Proche-Orient : et si nous cessions d’être hypocrites ?

 

La situation au Proche Orient une fois de plus, fait la une de l’actualité. Au-delà de l’horreur de la situation faite aux hommes, aux femmes et aux enfants, essayons d’analyser la situation dans laquelle nous sommes. Les puissances occidentales et, en particulier les Européens, ne feront rien. Ou plutôt si, ils soutiendront Israël jusqu’au bout. Peut-être que certains d’entre eux auront des hauts le cœur, diront qu’il faut cesser les combats, mais l’ensemble des dirigeants actuellement au pouvoir, pour des raisons historiques, politiques, religieuses, culturelles, économiques, militaires, stratégiques, énergétiques, sociologiques, psychologiques et idéologiques, ne peuvent envisager de s’opposer sérieusement à l’Etat d’Israël.

 

La récente décision du Conseil des ministres des Affaires étrangères de procéder au « rehaussement » des relations entre l’UE et Israël, contre le Parlement européen qui lui, avait décidé de repousser sa décision, en est l’illustration la plus évidente. D’ailleurs, sur la scène mondiale, qui veut réellement d’un Etat palestinien ? Il faut cesser d’être naïf et oser regarder les choses en face. Une poignée d’homme et de femmes ont fait l’analyse que le monde d’aujourd’hui et a fortiori de demain ne pouvait plus fonctionner avec les règles d’hier, car ces règles ne leurs conviennent plus. Le pouvoir serait une chose trop sérieuse pour le laisser entre les mains des peuples, pour paraphraser Clémenceau.

 

On voit bien à quel point le fonctionnement démocratique « normal » procédant de la souveraineté populaire est de plus en plus considéré comme un obstacle à l’élaboration de grandes structures politiques et technocratiques. L’exemple européen en est l’illustration. Le suffrage universel quand il s’exprime différemment du résultat attendu n’est plus considéré comme étant la source de la souveraineté mais comme le résultat d’un malentendu, d’une erreur, d’une mauvaise communication institutionnelle, voire de la bêtise de l’électeur. Le résultat du vote n’est en réalité pas accepté et on le contourne ou on fait revoter. Il faut se souvenir de la première élection de GW Bush, des référendums danois, français, néerlandais ou irlandais. Ces situations sont maintenant trop nombreuses pour relever simplement du hasard. Nous sommes maintenant dans le signifiant.

 

En réalité, la volonté farouche du peuple palestinien d’exister sur la scène internationale à égalité avec tous dans le concert des nations apparaît comme une incongruité. Sa volonté de voir reconnus ses droits historiques sur la Palestine comme un archaïsme. D’ailleurs l’Union européenne a-t-elle hésité un instant à ne pas reconnaître le résultat des élections législatives dont elle avait elle-même exigé la tenue via la « feuille de route » ? Au motif que le Hamas n’est pas fréquentable. Il fallait le dire alors et refuser de cautionner des élections auxquelles on savait qu’il participait.
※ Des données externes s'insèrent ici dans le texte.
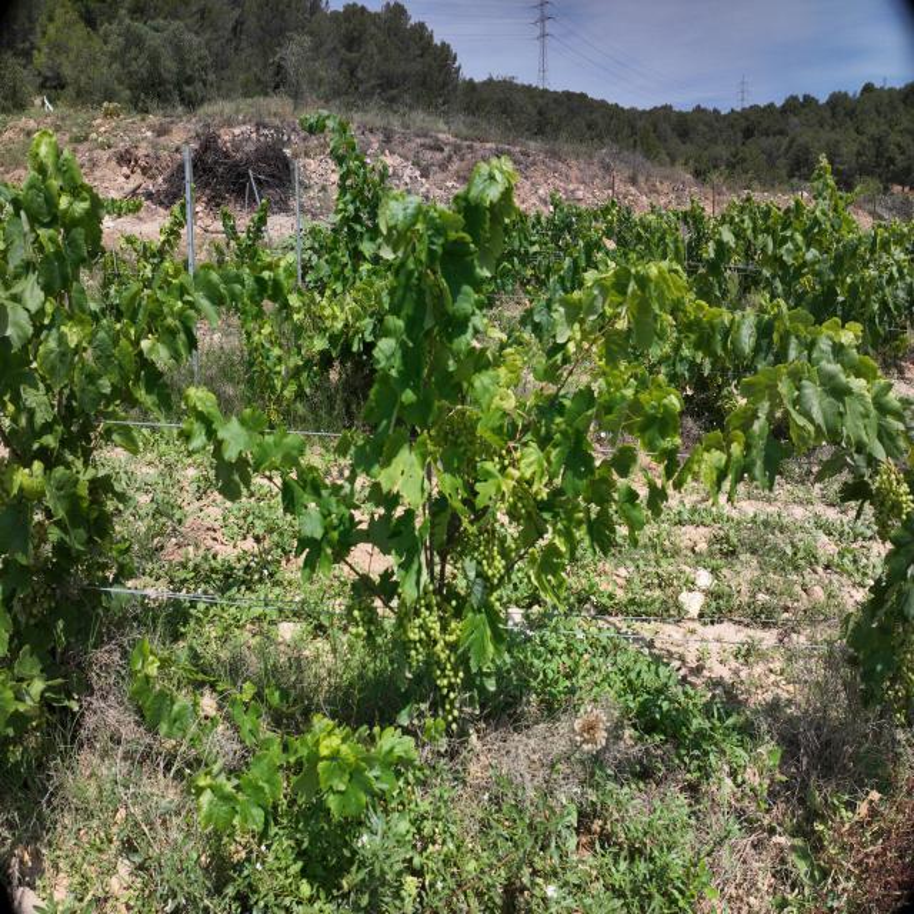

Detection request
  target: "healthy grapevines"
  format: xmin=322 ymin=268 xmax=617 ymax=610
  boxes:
xmin=0 ymin=144 xmax=197 ymax=783
xmin=703 ymin=297 xmax=914 ymax=735
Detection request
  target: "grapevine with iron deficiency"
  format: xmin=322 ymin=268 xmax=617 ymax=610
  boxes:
xmin=233 ymin=216 xmax=705 ymax=755

Il est aisé d’imaginer l’incompréhension des Palestiniens devant un tel comportement, sauf que l’UE est en fait déjà dans un « ailleurs post démocratique » (…).

 

Ce n’est pas pour rien que Jean-Pierre Chevènement considère depuis longtemps que le dossier israélo-palestinien est à placer en priorité absolue de la politique internationale (voir Les voeux de Jean-Pierre Chevènement pour l'année 2009).

 

Ce n’est pas par hasard que la Fondation Res Publica | République, mondialisation, dialogue des ... a organisé deux colloques en 2008 sur l’évolution des sociétés israélienne et palestinienne

Voir Deux colloques de la Fondation Res Publica sur Israël et la Palestine

 

 

Cet article est le 7ème sur ce blog dans la catégorie Proche Moyen Orient.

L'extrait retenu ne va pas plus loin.